Dataset entries:
<<<<
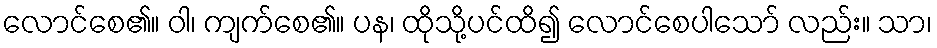
လောင်စေ၏။ ဝါ၊ ကျက်စေ၏။ ပန၊ ထိုသို့ပင်ထိ၍ လောင်စေပါသော် လည်း။ သာ၊
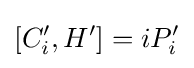
[C'_{i},H']=iP'_{i}\,\!
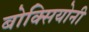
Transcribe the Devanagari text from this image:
बोक्सियोनी
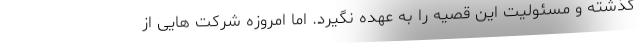
گذشته و مسئولیت این قصیه را به عهده نگیرد. اما امروزه شرکت هایی از
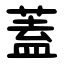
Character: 蓋
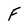
Character: f
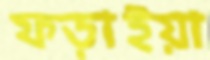
ফড়াইয়া
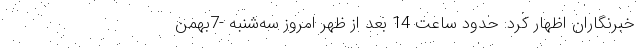
خبرنگاران اظهار کرد: حدود ساعت 14 بعد از ظهر امروز سه‌شنبه -7بهمن
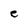
Character: e
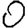
Digit: 0
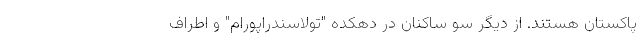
>>>>
An exact copy is needed of every line from the line containing "Transcribe the Devanagari" to the last line of the records; pictures stay out of it.

Transcribe the Devanagari text from this image:
बोक्सियोनी
گذشته و مسئولیت این قصیه را به عهده نگیرد. اما امروزه شرکت هایی از
Character: 蓋
Character: f
ফড়াইয়া
خبرنگاران اظهار کرد: حدود ساعت 14 بعد از ظهر امروز سه‌شنبه -7بهمن
Character: e
Digit: 0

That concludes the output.